Quando o Dom viu sua prova, levantou imediatamente.

- Ué, Professor! Pirou? Fiz dez pontos na ortografia. Mas errei todas. Tá aqui ó, todas com x, de errado, o senhor mesmo que anotou.

- É isso mesmo, Dom. Sua nota tá certa. Dez pontos. E é verdade, você errou todas. Mas errou por querer, querendo. E se errou de propósito, sabia como escrever corretamente. Olha só como você escreveu: dessibeu, cazamento, inwalidassao.

- Mas, Professor!

- Bizarro demais, meu querido! Pelos erros, entendi que você dominava a grafia de cada uma. Então seu dez é merecido. Parabéns!

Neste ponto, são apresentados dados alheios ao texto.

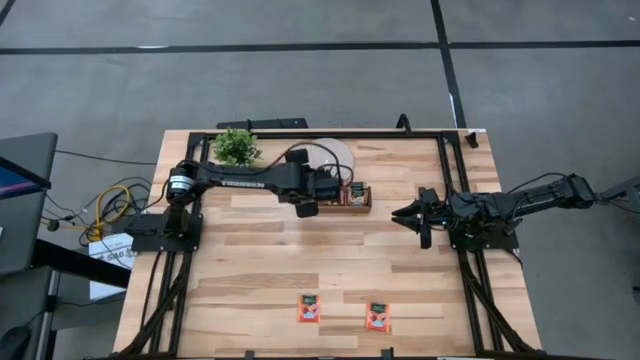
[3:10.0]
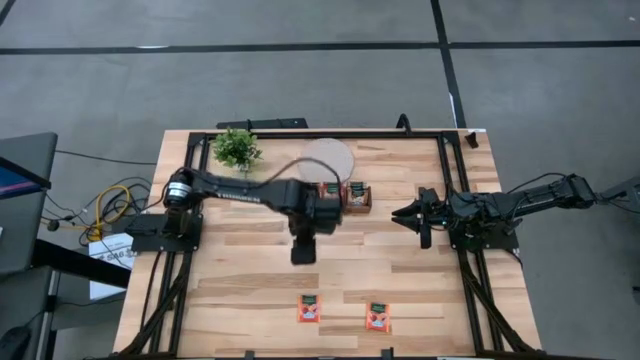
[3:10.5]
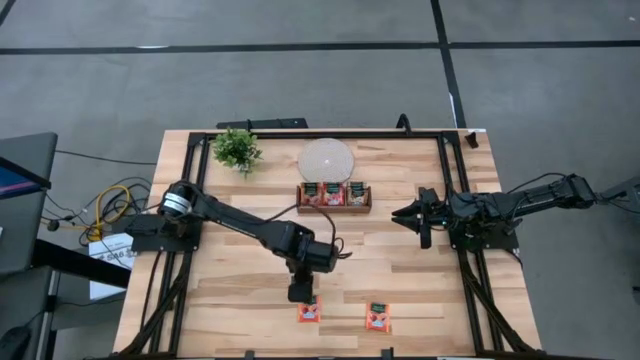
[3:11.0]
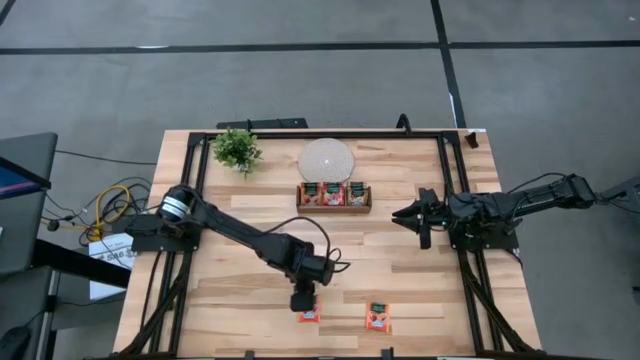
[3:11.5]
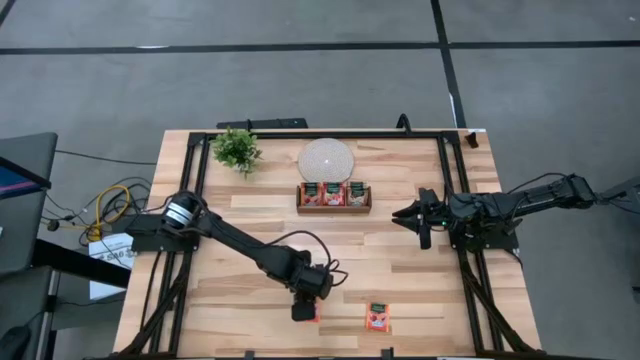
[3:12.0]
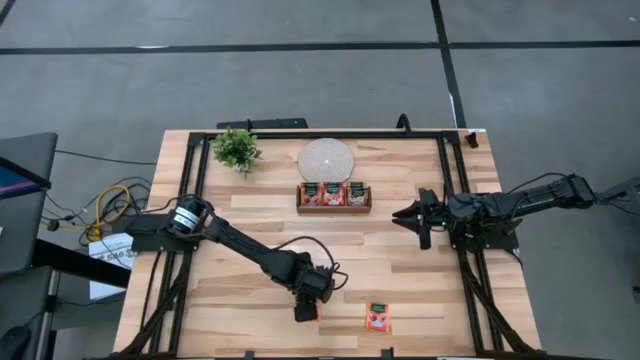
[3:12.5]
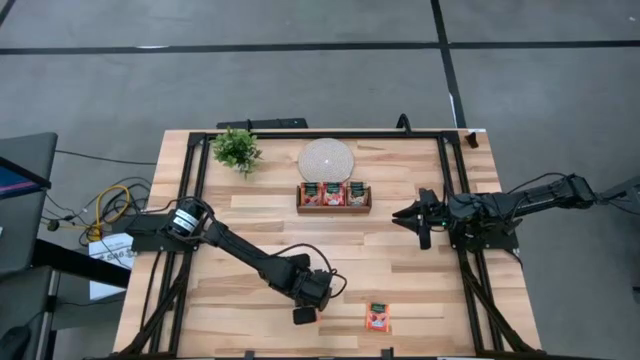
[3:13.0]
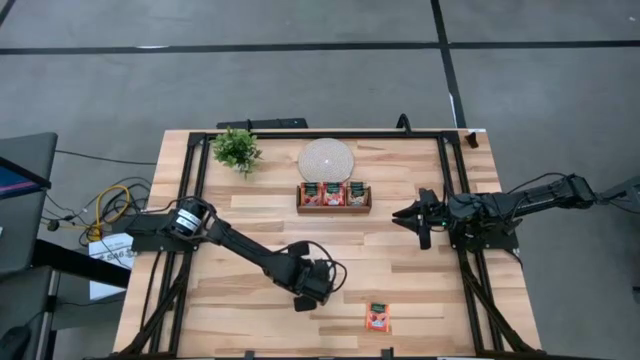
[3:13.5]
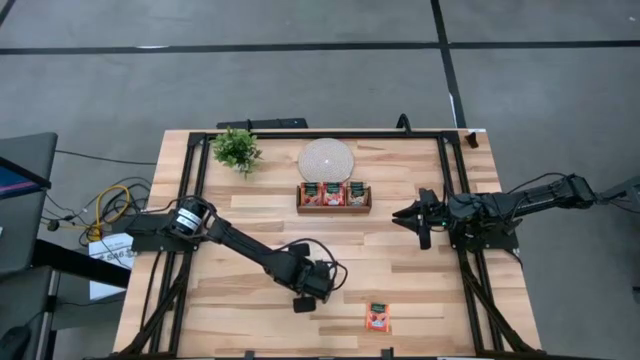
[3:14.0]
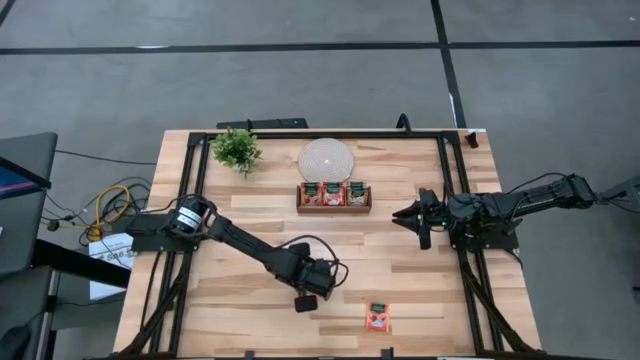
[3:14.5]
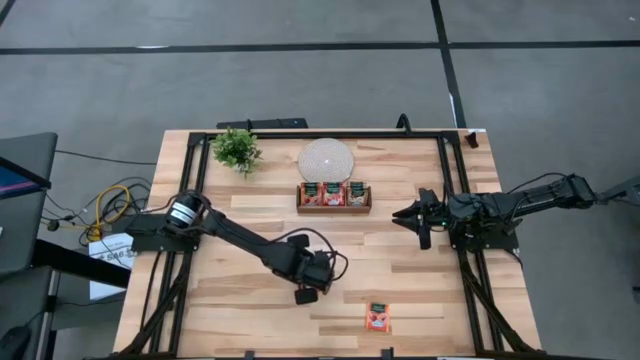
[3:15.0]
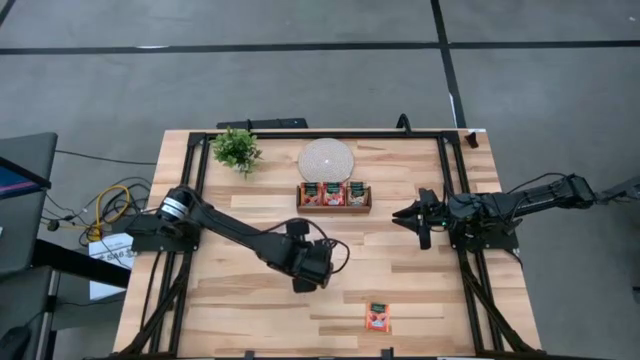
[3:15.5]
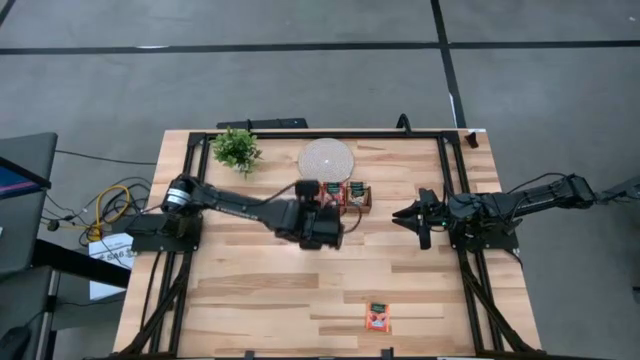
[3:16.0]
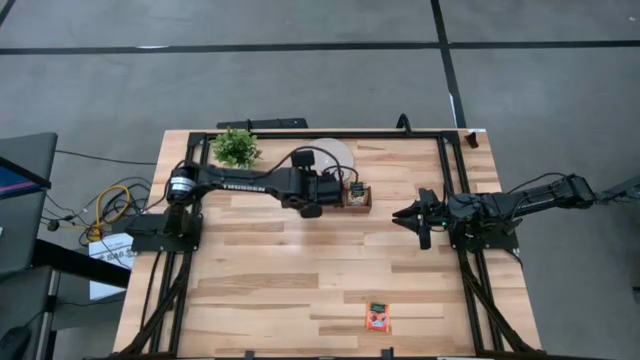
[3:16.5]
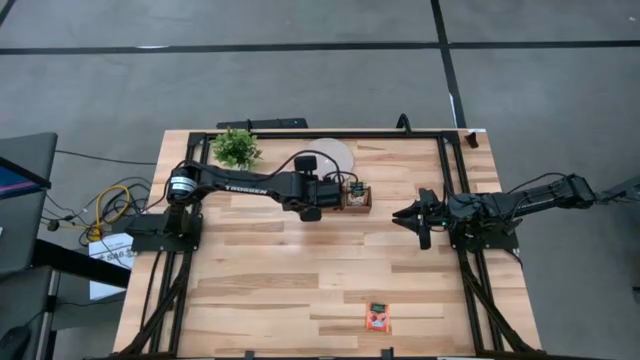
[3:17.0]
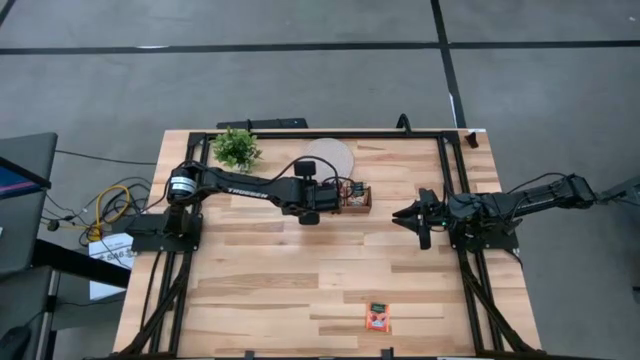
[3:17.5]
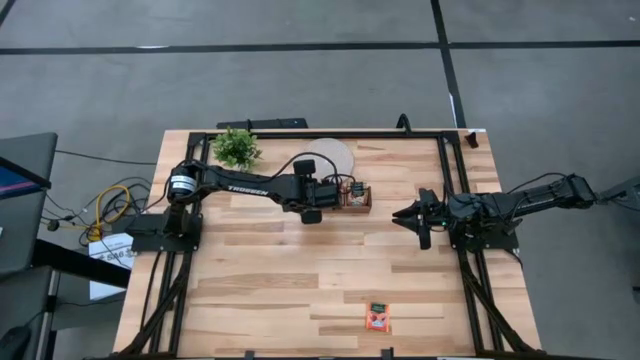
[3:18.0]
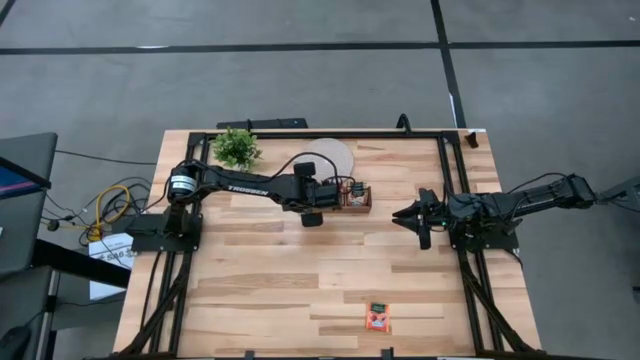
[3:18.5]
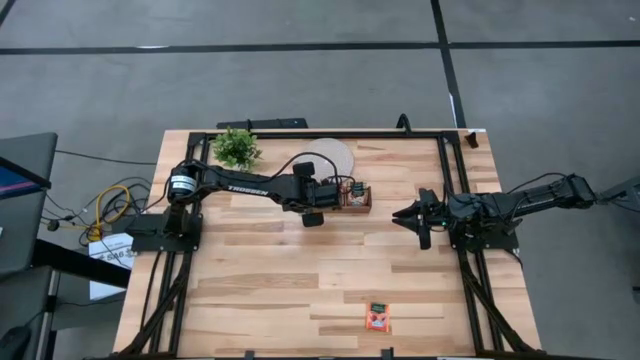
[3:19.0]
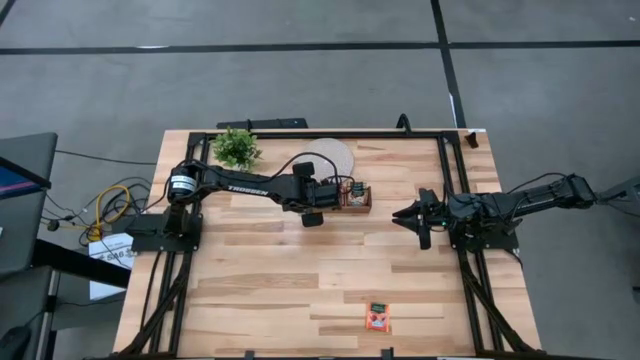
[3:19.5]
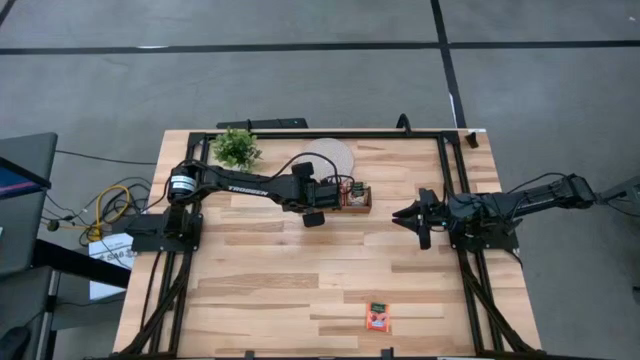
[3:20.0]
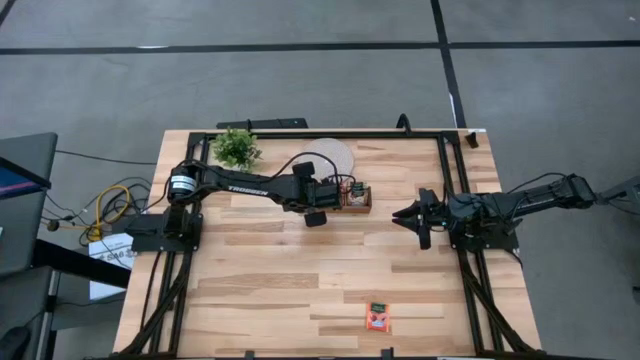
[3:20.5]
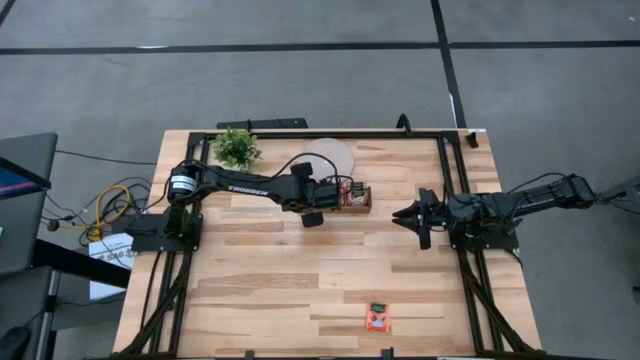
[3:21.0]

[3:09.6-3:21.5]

- Fala sério, Professor! Nem boto uma fé...

- E vocês todos, ouçam bem: nas próximas, não adianta virem com conversinha de que erraram de caso pensado pra fazer os dez pontos! Conheço cada um de vocês muito bem. E vale pro senhor também, Dom! Querendo ou não, de agora em diante, se errar todas é zero!

O Dom e o Educador mantem contato até hoje. Trocam ideia no zap de vez em quando. Em junho, o Dom fez 29. O Educador mandou um rascunho dessa história pra ele, de presente.

Ele escreveu que se sentia lisonjeado. Olha a palavra que o cara usou, vocabulário refinado, grafia perfeita!

O Educador se sentiu mais ainda. Feliz demais por ter tido a oportunidade de se dedicar à excelsa e apaixonante arte de ensinar, do latim insignare (in=em + signum=marca, sinal).

Colocar sinal, deixar marca em, gravar! Tatuar na mente e no coração!